La específica y sustancial coexistencia democracia-judaísmo está dada por el mismo desarrollo milenario de la Ley como marco jurídico individual y colectivo, que presupone un judío diaspórico bajo un gobierno gentil, y por ello habiente de mecanismos para insertarse en un sistema político, legal y administrativo ya dado. Ejemplo de ello es el principio legal judío (Diná deMaljutá Diná, la ley del reinado es la ley), debiendo el judío cumplir con la ley impositiva, fiscal o administrativa-comercial del Estado. La Ley, así, valida la legalidad estatal acatándola, pero ante el conflicto, la obligación para con la ley expira por no ser el deber ante la Ley pasible de caducidad.
Esta distinción entre Ley divina como autoridad y ley estatal como poder de una sociedad que produce para sí un mecanismo gubernamental como marco existencial conforme a sus principios es lo que evita todo despotismo, limita la natural tendencia totalitaria del poder. Esto es, la autoridad trascendente como valor que imprime un deber demandando al hombre incluye y restringe el poder transitorio como instrumento que imprime una obligación satisfaciendo al hombre. En el judaísmo, sólo el deber preceptual otorga significado a la existencia y el hombre se reconoce como tal únicamente frente a Ds; y así en el Día del Perdón se dice: "Y no hay primacía entre el hombre y la bestia porque todo es vanidad.

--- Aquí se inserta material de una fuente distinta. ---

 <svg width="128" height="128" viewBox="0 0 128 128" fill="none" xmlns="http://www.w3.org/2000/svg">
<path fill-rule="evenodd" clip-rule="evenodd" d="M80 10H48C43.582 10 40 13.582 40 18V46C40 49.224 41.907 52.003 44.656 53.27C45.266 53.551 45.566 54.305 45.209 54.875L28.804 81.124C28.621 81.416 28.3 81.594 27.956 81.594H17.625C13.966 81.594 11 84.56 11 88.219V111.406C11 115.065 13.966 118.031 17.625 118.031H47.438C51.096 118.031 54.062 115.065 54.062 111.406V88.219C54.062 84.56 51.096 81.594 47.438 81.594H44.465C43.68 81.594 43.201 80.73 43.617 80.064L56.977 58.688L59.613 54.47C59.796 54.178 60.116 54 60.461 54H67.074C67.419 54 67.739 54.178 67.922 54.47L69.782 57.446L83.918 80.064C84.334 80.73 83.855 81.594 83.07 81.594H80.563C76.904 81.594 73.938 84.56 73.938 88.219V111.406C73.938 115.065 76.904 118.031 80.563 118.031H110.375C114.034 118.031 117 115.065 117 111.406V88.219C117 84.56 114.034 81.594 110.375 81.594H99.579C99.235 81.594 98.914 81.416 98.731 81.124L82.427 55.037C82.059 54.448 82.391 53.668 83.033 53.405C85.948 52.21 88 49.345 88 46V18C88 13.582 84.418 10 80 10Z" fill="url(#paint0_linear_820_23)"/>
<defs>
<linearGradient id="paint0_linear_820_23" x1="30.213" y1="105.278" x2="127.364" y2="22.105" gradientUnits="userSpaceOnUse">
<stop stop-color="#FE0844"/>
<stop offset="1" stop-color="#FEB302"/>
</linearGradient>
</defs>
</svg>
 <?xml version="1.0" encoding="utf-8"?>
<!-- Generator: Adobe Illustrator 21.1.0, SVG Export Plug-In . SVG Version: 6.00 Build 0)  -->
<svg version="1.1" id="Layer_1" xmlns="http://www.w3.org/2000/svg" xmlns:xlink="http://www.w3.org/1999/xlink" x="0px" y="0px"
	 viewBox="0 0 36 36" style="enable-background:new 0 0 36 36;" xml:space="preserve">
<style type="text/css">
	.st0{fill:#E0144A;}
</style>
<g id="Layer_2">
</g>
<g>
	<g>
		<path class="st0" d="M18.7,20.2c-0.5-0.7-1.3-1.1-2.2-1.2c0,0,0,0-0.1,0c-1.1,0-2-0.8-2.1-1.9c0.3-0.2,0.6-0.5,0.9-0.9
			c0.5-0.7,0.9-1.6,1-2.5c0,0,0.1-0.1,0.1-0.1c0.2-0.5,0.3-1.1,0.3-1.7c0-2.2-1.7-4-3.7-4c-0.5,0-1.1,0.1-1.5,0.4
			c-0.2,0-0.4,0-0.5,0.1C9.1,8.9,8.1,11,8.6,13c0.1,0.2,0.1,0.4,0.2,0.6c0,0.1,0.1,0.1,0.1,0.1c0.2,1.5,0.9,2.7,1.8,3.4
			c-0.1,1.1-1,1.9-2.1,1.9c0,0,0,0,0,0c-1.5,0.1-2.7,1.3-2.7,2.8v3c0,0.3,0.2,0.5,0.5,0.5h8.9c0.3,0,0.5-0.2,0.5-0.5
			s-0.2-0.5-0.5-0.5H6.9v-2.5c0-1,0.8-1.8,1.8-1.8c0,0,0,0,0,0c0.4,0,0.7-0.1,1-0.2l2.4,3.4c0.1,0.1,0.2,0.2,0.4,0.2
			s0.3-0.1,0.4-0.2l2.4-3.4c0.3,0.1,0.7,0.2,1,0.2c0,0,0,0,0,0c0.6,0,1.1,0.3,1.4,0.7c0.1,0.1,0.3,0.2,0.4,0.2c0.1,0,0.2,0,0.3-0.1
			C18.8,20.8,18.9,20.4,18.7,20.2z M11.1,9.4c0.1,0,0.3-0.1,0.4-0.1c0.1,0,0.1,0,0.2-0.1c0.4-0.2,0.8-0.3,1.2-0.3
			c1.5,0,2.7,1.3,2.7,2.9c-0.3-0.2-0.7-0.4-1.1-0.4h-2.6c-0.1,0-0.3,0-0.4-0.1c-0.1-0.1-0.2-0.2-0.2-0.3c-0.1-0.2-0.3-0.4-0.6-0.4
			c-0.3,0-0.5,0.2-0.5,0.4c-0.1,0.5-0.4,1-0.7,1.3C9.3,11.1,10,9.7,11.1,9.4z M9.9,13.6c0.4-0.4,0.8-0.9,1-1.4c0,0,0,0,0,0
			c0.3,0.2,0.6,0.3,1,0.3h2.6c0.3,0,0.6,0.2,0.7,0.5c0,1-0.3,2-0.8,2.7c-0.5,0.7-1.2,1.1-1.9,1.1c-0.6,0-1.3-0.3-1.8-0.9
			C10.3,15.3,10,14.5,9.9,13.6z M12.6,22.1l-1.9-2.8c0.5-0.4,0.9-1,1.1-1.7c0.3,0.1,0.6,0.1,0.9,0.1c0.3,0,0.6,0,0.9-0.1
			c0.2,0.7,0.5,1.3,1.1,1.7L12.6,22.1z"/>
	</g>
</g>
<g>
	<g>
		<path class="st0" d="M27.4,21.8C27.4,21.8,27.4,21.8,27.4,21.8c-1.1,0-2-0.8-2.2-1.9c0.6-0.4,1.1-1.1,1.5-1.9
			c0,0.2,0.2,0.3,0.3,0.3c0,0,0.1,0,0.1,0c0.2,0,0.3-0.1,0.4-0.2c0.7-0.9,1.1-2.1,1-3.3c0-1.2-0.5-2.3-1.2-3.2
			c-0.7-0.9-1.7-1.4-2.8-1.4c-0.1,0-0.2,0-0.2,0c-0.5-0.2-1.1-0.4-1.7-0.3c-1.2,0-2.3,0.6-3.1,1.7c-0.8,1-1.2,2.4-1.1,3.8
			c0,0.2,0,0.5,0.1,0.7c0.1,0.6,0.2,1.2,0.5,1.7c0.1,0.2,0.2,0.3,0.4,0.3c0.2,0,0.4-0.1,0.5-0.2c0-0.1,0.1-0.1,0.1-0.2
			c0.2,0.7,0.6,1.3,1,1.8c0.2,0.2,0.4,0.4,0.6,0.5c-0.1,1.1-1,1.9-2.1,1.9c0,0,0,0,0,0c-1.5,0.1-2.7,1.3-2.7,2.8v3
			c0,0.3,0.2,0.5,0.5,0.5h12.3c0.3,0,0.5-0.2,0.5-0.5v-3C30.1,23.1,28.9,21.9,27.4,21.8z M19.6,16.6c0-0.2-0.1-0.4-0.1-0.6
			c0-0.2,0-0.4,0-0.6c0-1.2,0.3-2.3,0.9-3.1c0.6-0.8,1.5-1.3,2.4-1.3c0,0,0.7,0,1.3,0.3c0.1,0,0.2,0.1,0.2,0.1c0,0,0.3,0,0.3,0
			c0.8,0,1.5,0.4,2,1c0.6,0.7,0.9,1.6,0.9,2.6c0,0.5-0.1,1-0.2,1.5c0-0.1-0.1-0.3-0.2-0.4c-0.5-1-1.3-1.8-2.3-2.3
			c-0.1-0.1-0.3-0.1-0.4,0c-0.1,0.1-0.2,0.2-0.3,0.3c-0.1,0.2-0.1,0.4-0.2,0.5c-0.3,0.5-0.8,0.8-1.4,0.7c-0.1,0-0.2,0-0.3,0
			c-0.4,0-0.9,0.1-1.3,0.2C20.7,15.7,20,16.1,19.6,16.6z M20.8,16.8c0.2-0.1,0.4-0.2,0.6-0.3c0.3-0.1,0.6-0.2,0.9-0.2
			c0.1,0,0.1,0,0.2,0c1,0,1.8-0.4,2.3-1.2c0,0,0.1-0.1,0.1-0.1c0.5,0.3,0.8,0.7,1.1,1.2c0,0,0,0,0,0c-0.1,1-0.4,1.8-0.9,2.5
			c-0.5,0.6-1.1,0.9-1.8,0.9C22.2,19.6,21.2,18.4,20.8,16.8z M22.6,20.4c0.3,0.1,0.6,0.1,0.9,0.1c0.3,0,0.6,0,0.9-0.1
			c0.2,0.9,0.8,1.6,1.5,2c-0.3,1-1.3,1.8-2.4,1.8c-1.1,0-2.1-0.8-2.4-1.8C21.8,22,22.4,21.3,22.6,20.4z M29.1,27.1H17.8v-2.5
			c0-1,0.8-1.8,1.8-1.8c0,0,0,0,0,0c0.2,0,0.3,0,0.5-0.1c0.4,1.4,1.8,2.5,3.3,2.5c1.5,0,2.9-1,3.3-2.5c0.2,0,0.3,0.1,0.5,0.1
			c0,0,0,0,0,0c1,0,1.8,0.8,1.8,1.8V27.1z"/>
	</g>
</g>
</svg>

Tú [Ds] distinguiste al hombre desde el comienzo y lo reconocerás parado ante Ti". Y finalizando el Eclesiastés reza: "La conclusión del asunto es, cuando ya todo fue escuchado, a Ds temerás y sus preceptos observarás, porque esto es todo el hombre". Patriarcas y matriarcas bíblicos, más profetas, dan cuenta de ello y en coherencia con el "porque no es cosa vana para ustedes [la Torá], sino que es su vida" (Deut. 32:47), cancelando toda institución humana frente al deber preceptual ante su disyuntiva. Así, en esta estructura de deberes y obligaciones, la autoridad y el valor es Ds, y el Estado es el poder instrumental para la concreción axiológica, manifiesto de tal forma en Jeremías 29:7.
Luego, la obligación para con el Estado no es absoluta y por ello objetable, apelable; es un instrumento en función del deber. Incluso en democracia, cuando se obliga contra el deber impuesto por la Torá, esta tiene prioridad por su significado axiológico y no instrumental, es deóntica y no consecuencialista. Contrariamente, si la mera legalidad implicase obediencia absoluta, deviniendo el instrumento erigido por la sociedad para sí en significado de esta, acontece el fascismo, donde el ciudadano justifica crímenes alegando obediencia a la ley legítimamente sancionada, haciendo del Estado el valor y deber supremo, sin poder objetarlo.
Así, el judaísmo, su Ley, manifiesta de facto y cotidianamente en sus observantes, la relación y la contribución efectiva a la democracia, demandando la constante vigilia distintiva entre finalidad e instrumento, autoridad y poder, deber y obligación, valor y ley, limitando el absolutismo, evitando consagrar lo profano y fortaleciendo así las libertades colectivas e individuales.
El autor es rabino y doctor en Filosofía.